101-year-old Italian grandma, who lived through the Spanish Flu and WWII, has tested positive for coronavirus and survived three times in one year.

Italian doctors and nurses are amazed with the resilience of 101-year-old Maria Orsingher who first tested positive for COVID-19 back in the early days of the pandemic in February.

“In February, mother was hospitalized in Sondalo and then also the doctor of the hospital in Sondalo, where she was treated, told us that she had never had such an elderly person come out of the coronavirus in this way, she was breathing alone and not he had a fever,” says daughter Carla.

Having recovered, the centenarian then celebrated her 101st birthday in July.

Unfortunately, she was then hospitalized with a fever in September, at which point she tested positive for the disease a second time and underwent treatment for 18 days. Medical staff were amazed at her resilience and told local media the hospitalization was mostly precautionary.

Alas, the coronavirus came for her one more time, as she tested positive again last Friday. The third time is apparently the charm, though, as Orsingher is currently asymptomatic.

Orsingher remains bedridden and struggles to communicate with her three daughters as she is deaf, but the family are eagerly awaiting their next reunion with this iron woman.
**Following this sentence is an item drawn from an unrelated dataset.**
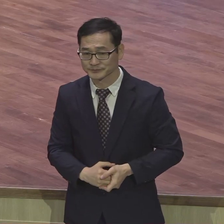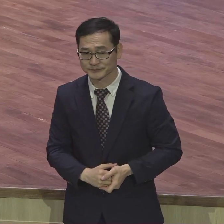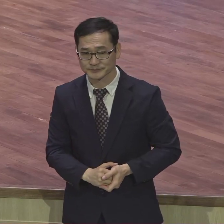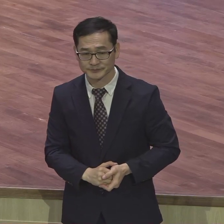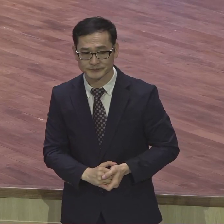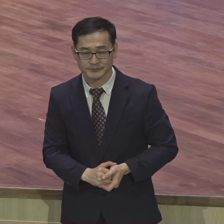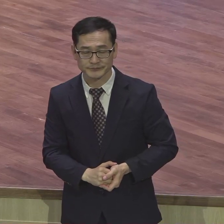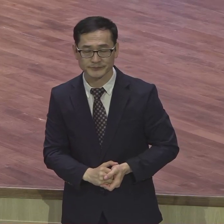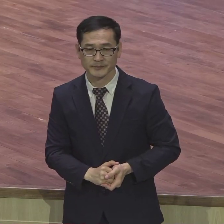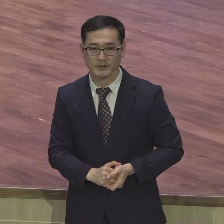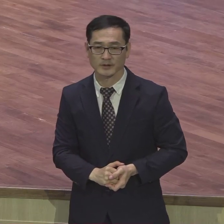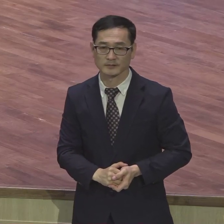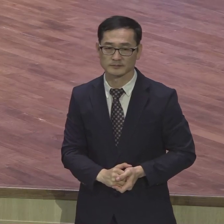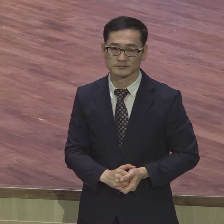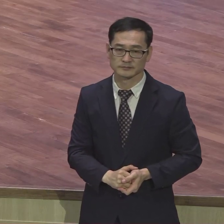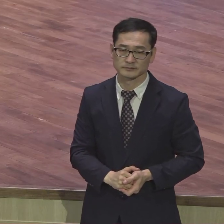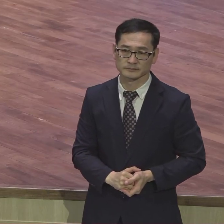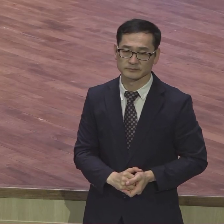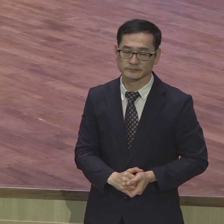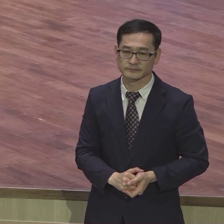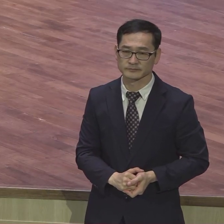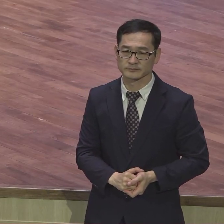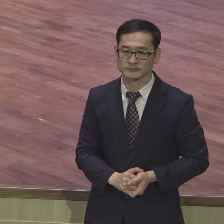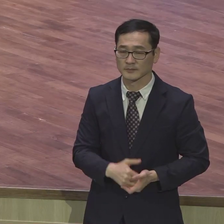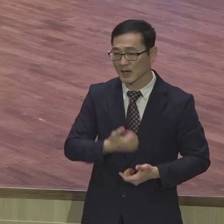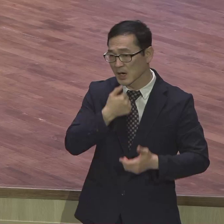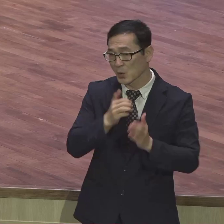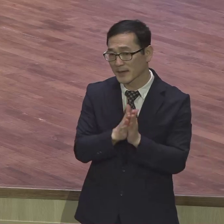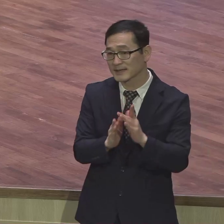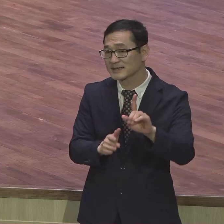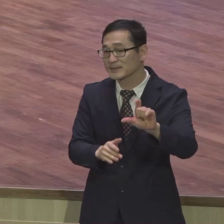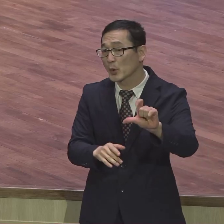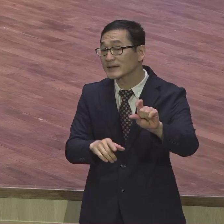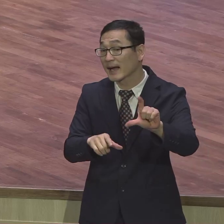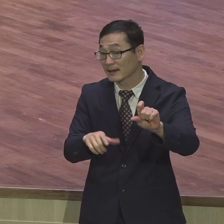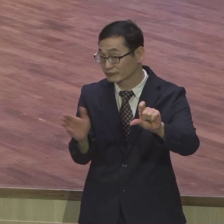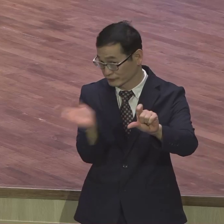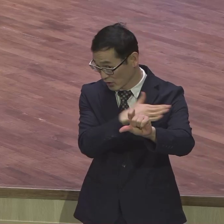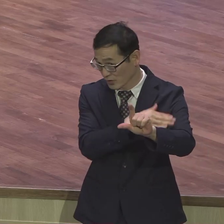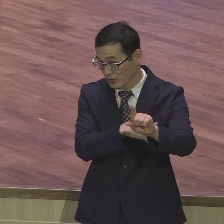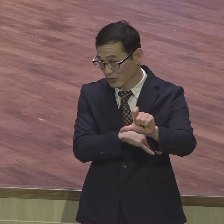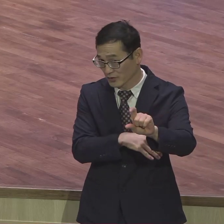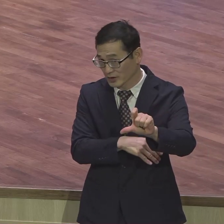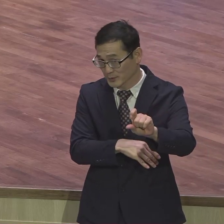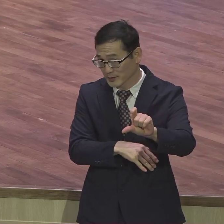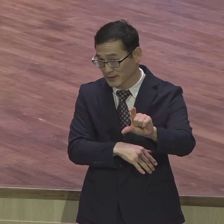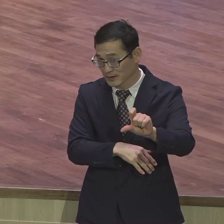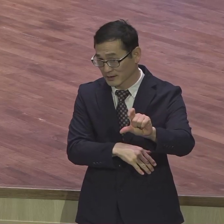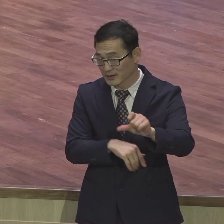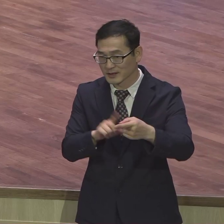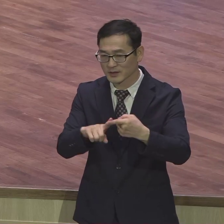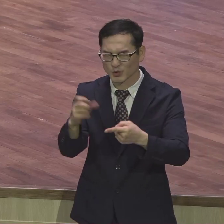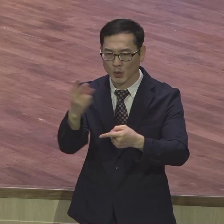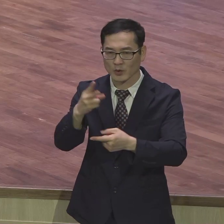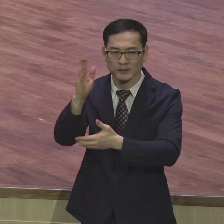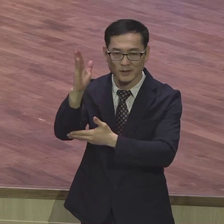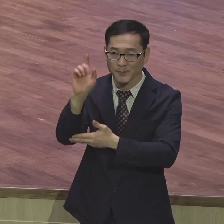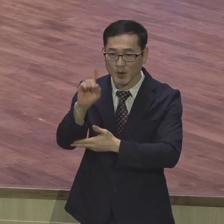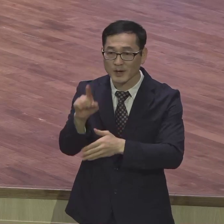사도 바울은 로마서 15장에 시작하면서 이 부분에 대해서 다시 한번 강조합니다 믿음이 강한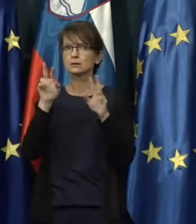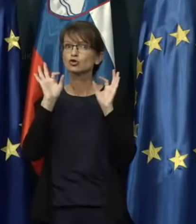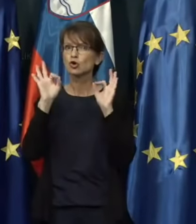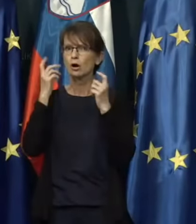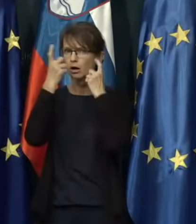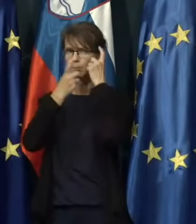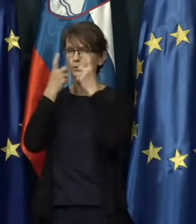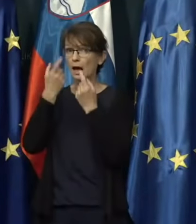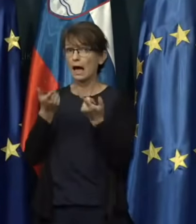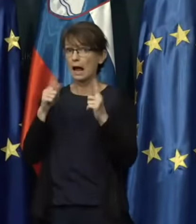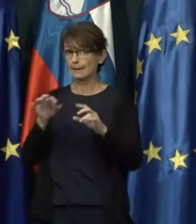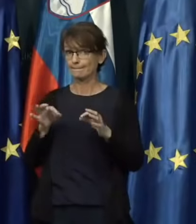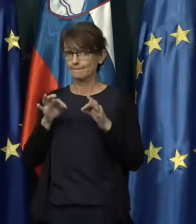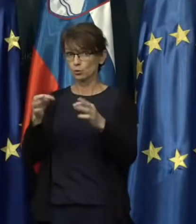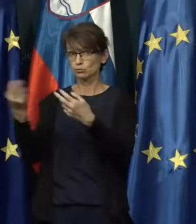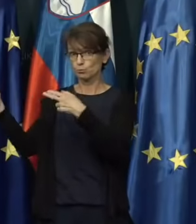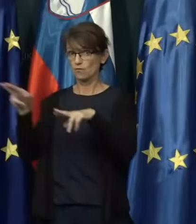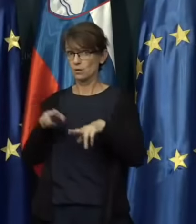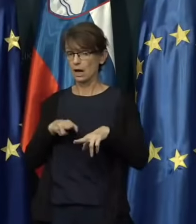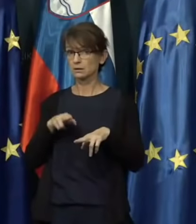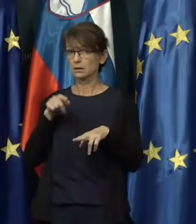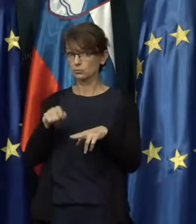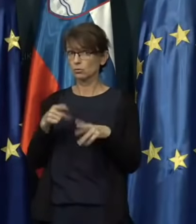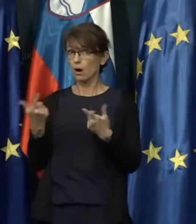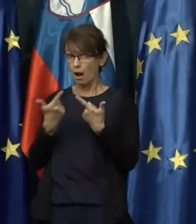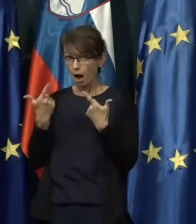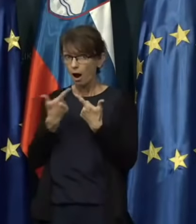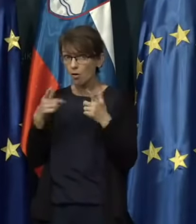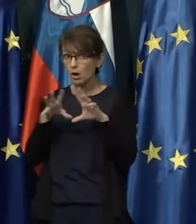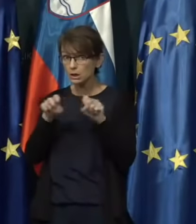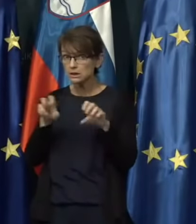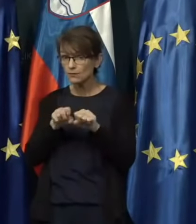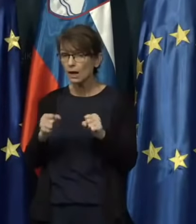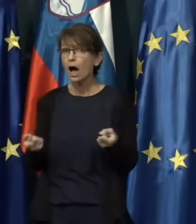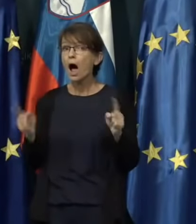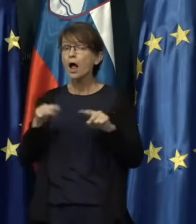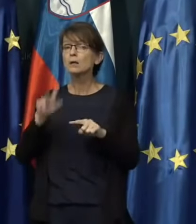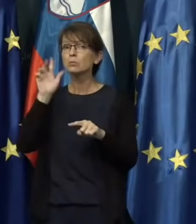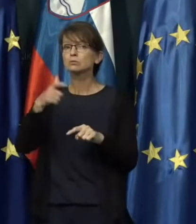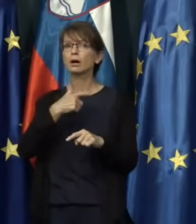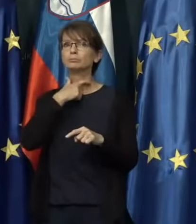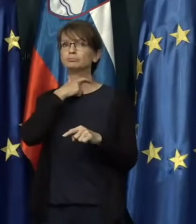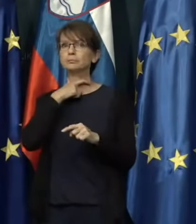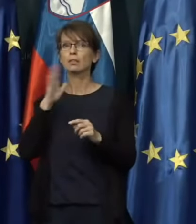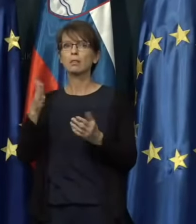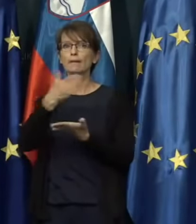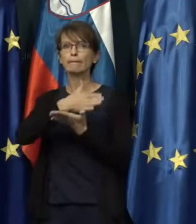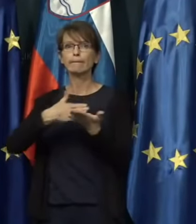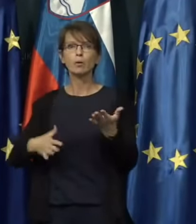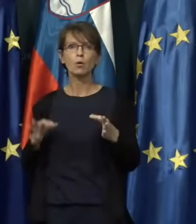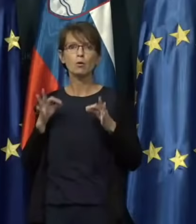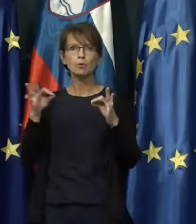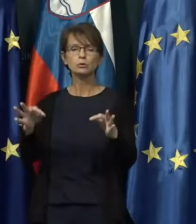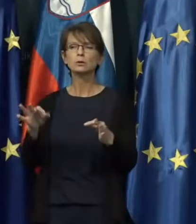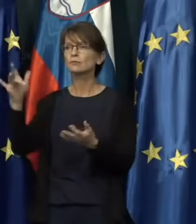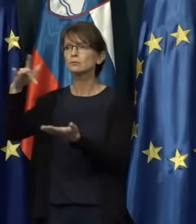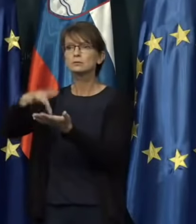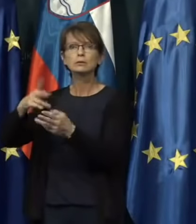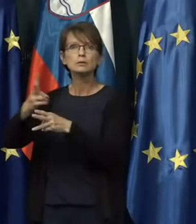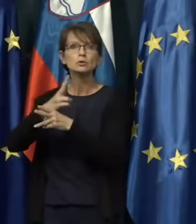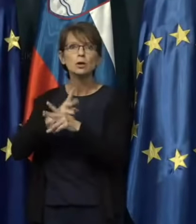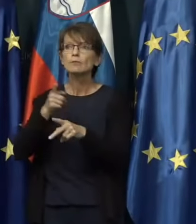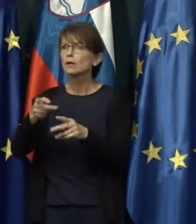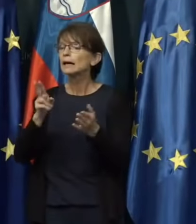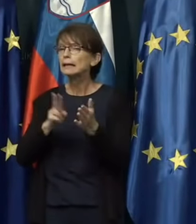bo pot povratka, za ktero se odločite, lahko uresničila ali pa boste obtičali nekje na pol poti v neki državi, res ni

Born on July 21, 1919 in the small hamlet of Gaggio in Ardenno, Orsingher lived through the Spanish Flu pandemic, was married during World War II and has now endured three bouts of Covid-19.

“Even the doctors are amazed,” say her daughters, confirming that their mother has tested positive three times and tested negative three times, all in the space of nine months.

“There have been several episodes of negative tests in recovered patients, which was followed by a new positivity that lasted for a long time for one of the reasons mentioned above,” says Carlo Signorelli, professor of hygiene at the San Raffaele University in Milan.